Heteroplacidium zamenhofianum

Scientific classification
- Kingdom: Fungi
- Division: Ascomycota
- Class: Eurotiomycetes
- Order: Verrucariales
- Family: Verrucariaceae
- Genus: Heteroplacidium
- Species: H. zamenhofianum
- Binomial name: Heteroplacidium zamenhofianum (Clauzade & Cl.Roux) Gueidan & Cl.Roux (2007)
- Synonyms: Verrucaria zamenhofiana Clauzade & Cl.Roux (1985);

= Heteroplacidium zamenhofianum =

- Authority: (Clauzade & Cl.Roux) Gueidan & Cl.Roux (2007)
- Synonyms: Verrucaria zamenhofiana Clauzade & Cl.Roux (1985)

Species of lichen

Heteroplacidium zamenhofianum is a species of lichenicolous (lichen-eating) lichen in the family Verrucariaceae. As a juvenile, it is parasitic on some members of the lichen genus Staurothele, but later becomes independent and develops a brown, crustose thallus. Characteristic features of the lichen include its dark brown, somewhat squamulous thallus and relatively small ascospores. It is widely distributed in Europe and North America.

==Taxonomy==
The lichen was first formally described in 1985 by lichenologists Georges Clauzade and Claude Roux as a species of Verrucaria. The original publication was written in Esperanto, and the species epithet honours L. L. Zamenhof, creator of this language. Cécile Gueidan and Roux transferred the taxon to Heteroplacidium in 2007, after previous molecular phylogenetic analysis suggested that it should be placed in that genus.
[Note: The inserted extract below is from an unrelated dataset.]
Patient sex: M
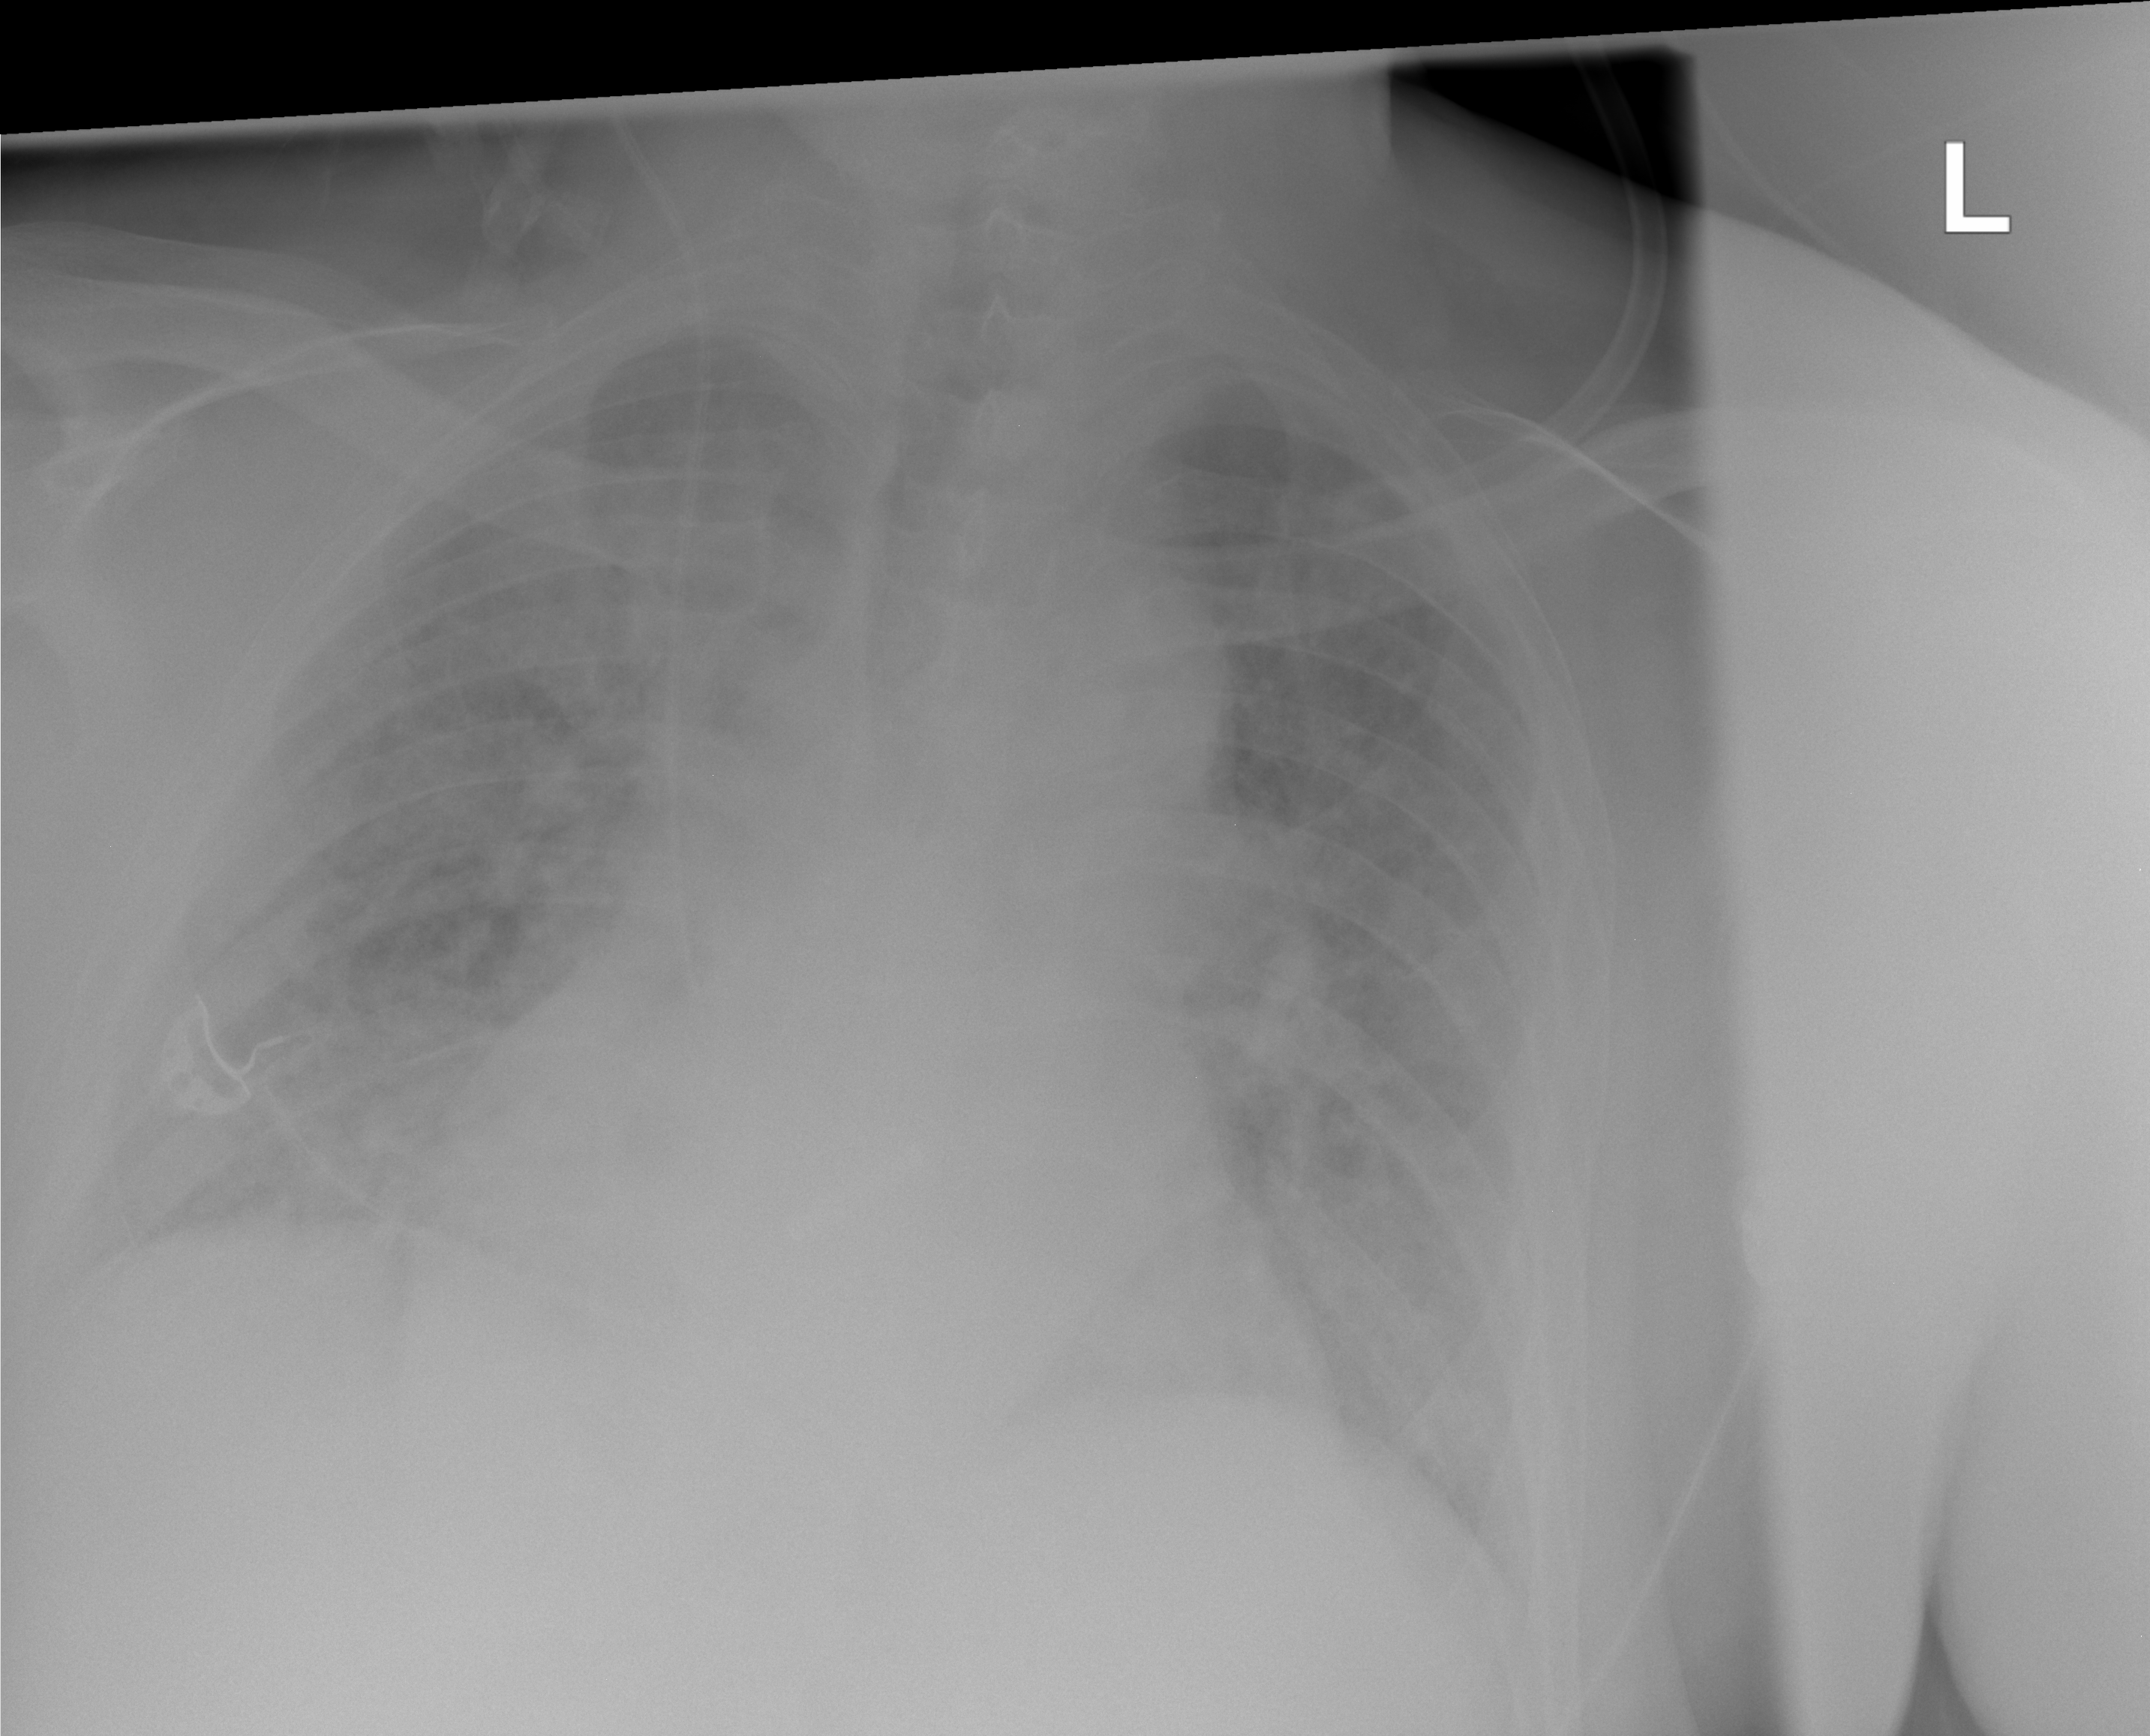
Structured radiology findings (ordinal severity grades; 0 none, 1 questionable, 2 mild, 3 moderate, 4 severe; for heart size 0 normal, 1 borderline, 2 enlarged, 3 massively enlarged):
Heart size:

==Habitat and distribution==
Heteroplacidium zamenhofianum is initially parasitic on members of the Staurothele areolata species group, but becomes independent later in its life. The lichen was first reported from the Alps and the Pyrenees, and later from the Ural Mountains in Russia, and Krasnodar Krai and Republic of Adygea in North Caucasus. It was reported from North America for the first time in 1994. In the San Bernardino Mountains of California, it was found growing on Staurothele drummondii.